### WORK INSTRUCTIONS
From the data below, please reproduce exactly everything from the line that contains "བྱིན་གྱི། དེའི་སྒོས་རྒྱལ་བའི་སྲས་སུ་འཇོག་པ་ལ་མིན་ནོ། །ཁོ་ན་རེ།" down to the line that contains "ལས། རྒྱལ་བ་འགའ་ཞིག་གི་སྲས་ཡིན་པ་ནི་བདེན་མོད་ཀྱི། ཞེས་དང་།", with both ends included.

### DATA TO USE
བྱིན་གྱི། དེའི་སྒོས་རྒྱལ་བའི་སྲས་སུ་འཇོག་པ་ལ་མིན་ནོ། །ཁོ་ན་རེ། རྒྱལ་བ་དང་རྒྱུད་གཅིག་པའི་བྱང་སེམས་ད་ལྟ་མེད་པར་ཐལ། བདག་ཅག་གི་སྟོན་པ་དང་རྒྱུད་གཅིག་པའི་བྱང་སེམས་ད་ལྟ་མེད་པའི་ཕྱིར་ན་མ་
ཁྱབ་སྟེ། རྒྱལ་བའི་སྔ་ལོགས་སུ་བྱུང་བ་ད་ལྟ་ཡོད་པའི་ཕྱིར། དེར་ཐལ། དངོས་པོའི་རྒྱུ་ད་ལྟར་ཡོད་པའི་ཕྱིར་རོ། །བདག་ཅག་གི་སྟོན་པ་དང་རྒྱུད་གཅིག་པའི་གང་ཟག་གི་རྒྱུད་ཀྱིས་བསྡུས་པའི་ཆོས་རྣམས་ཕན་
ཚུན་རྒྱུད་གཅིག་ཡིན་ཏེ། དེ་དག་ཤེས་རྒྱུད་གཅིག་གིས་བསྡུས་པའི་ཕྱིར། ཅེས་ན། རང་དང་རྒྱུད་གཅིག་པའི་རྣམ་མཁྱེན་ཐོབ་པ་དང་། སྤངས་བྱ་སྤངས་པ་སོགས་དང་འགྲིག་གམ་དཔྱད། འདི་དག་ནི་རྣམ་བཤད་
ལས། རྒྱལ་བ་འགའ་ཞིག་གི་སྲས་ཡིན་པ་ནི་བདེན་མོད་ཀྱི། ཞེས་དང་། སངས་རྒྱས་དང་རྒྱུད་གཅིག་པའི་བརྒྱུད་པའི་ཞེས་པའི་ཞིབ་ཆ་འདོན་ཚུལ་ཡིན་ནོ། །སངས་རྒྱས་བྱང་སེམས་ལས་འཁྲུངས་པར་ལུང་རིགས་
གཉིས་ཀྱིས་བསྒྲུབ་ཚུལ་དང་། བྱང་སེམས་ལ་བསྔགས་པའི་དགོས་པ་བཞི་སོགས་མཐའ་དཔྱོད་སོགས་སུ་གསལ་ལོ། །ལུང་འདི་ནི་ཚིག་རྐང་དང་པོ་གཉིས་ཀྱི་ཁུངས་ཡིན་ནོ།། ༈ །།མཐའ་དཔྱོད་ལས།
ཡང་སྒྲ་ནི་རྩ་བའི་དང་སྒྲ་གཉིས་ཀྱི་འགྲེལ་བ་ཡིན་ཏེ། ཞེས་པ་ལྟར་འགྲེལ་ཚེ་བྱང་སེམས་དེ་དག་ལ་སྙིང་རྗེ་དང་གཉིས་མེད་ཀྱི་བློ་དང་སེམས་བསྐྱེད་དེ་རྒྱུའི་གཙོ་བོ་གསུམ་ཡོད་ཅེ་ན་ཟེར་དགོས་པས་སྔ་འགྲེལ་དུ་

* * *

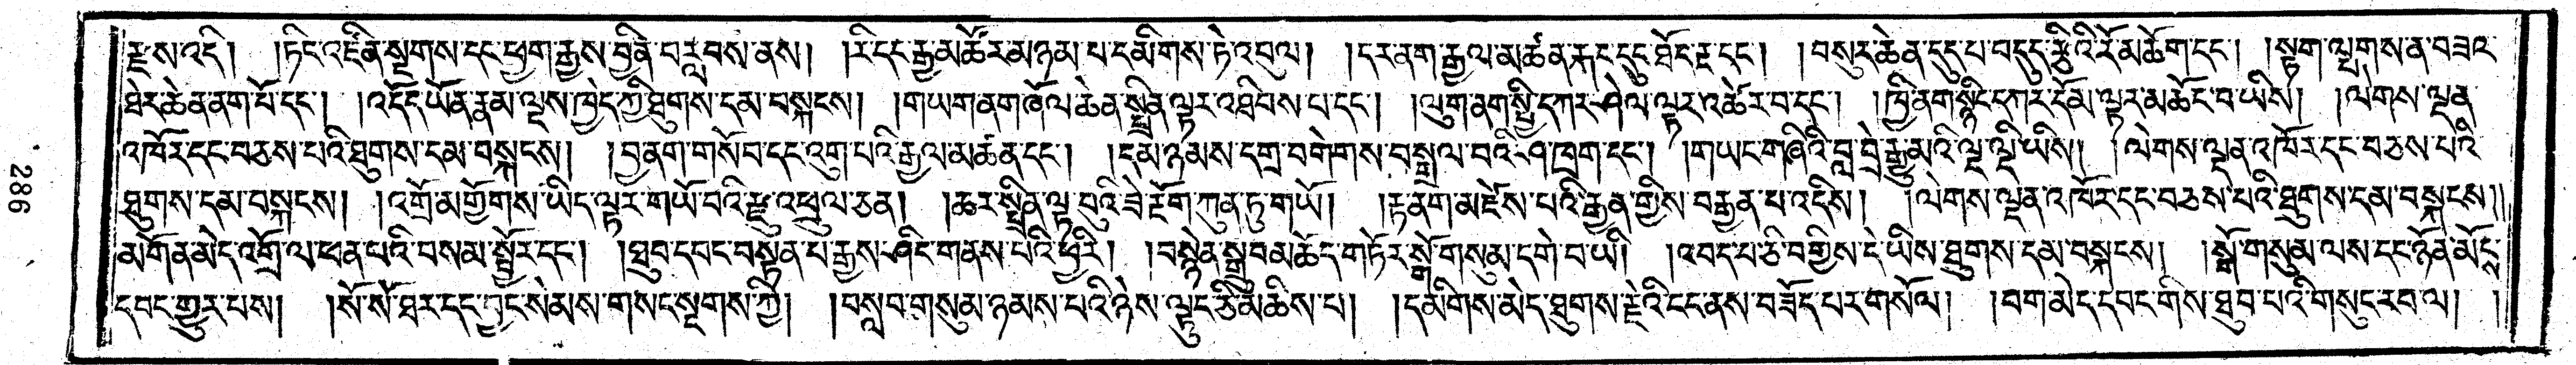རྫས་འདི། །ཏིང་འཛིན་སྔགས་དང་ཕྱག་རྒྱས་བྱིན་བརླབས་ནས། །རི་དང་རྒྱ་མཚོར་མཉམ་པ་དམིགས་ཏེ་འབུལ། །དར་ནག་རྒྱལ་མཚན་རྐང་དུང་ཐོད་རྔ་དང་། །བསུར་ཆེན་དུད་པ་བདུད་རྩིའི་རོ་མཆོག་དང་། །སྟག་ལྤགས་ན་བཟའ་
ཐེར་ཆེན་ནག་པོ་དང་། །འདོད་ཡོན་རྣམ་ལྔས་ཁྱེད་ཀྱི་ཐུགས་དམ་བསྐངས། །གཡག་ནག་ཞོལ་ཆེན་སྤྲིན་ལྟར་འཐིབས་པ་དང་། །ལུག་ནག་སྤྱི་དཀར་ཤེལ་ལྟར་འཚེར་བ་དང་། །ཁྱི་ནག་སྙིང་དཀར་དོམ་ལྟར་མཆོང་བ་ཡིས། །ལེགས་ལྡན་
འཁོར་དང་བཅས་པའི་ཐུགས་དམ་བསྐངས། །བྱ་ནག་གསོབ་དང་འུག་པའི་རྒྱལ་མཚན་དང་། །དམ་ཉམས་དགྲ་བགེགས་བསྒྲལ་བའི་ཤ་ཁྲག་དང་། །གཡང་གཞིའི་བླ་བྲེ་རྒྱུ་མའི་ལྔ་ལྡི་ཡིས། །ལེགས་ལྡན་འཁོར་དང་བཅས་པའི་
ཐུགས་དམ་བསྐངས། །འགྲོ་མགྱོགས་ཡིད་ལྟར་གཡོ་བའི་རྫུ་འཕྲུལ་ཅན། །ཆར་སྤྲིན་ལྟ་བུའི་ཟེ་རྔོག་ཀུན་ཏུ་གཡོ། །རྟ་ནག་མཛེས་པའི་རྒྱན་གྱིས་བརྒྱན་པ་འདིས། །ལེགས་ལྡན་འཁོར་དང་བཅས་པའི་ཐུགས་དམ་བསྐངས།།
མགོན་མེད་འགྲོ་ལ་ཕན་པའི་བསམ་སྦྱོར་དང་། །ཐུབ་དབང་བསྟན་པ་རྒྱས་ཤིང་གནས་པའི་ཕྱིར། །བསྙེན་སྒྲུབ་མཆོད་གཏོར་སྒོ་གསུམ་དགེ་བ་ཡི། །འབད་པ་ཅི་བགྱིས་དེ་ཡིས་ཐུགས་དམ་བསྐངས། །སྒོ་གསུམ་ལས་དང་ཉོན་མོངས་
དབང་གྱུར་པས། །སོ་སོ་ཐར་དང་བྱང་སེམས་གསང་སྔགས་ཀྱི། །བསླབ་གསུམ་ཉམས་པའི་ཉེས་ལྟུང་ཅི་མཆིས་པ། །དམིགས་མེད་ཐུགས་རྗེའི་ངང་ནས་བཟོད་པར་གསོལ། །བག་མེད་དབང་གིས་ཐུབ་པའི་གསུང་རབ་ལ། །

### RESULT BELOW
བྱིན་གྱི། དེའི་སྒོས་རྒྱལ་བའི་སྲས་སུ་འཇོག་པ་ལ་མིན་ནོ། །ཁོ་ན་རེ། རྒྱལ་བ་དང་རྒྱུད་གཅིག་པའི་བྱང་སེམས་ད་ལྟ་མེད་པར་ཐལ། བདག་ཅག་གི་སྟོན་པ་དང་རྒྱུད་གཅིག་པའི་བྱང་སེམས་ད་ལྟ་མེད་པའི་ཕྱིར་ན་མ་
ཁྱབ་སྟེ། རྒྱལ་བའི་སྔ་ལོགས་སུ་བྱུང་བ་ད་ལྟ་ཡོད་པའི་ཕྱིར། དེར་ཐལ། དངོས་པོའི་རྒྱུ་ད་ལྟར་ཡོད་པའི་ཕྱིར་རོ། །བདག་ཅག་གི་སྟོན་པ་དང་རྒྱུད་གཅིག་པའི་གང་ཟག་གི་རྒྱུད་ཀྱིས་བསྡུས་པའི་ཆོས་རྣམས་ཕན་
ཚུན་རྒྱུད་གཅིག་ཡིན་ཏེ། དེ་དག་ཤེས་རྒྱུད་གཅིག་གིས་བསྡུས་པའི་ཕྱིར། ཅེས་ན། རང་དང་རྒྱུད་གཅིག་པའི་རྣམ་མཁྱེན་ཐོབ་པ་དང་། སྤངས་བྱ་སྤངས་པ་སོགས་དང་འགྲིག་གམ་དཔྱད། འདི་དག་ནི་རྣམ་བཤད་
ལས། རྒྱལ་བ་འགའ་ཞིག་གི་སྲས་ཡིན་པ་ནི་བདེན་མོད་ཀྱི། ཞེས་དང་། སངས་རྒྱས་དང་རྒྱུད་གཅིག་པའི་བརྒྱུད་པའི་ཞེས་པའི་ཞིབ་ཆ་འདོན་ཚུལ་ཡིན་ནོ། །སངས་རྒྱས་བྱང་སེམས་ལས་འཁྲུངས་པར་ལུང་རིགས་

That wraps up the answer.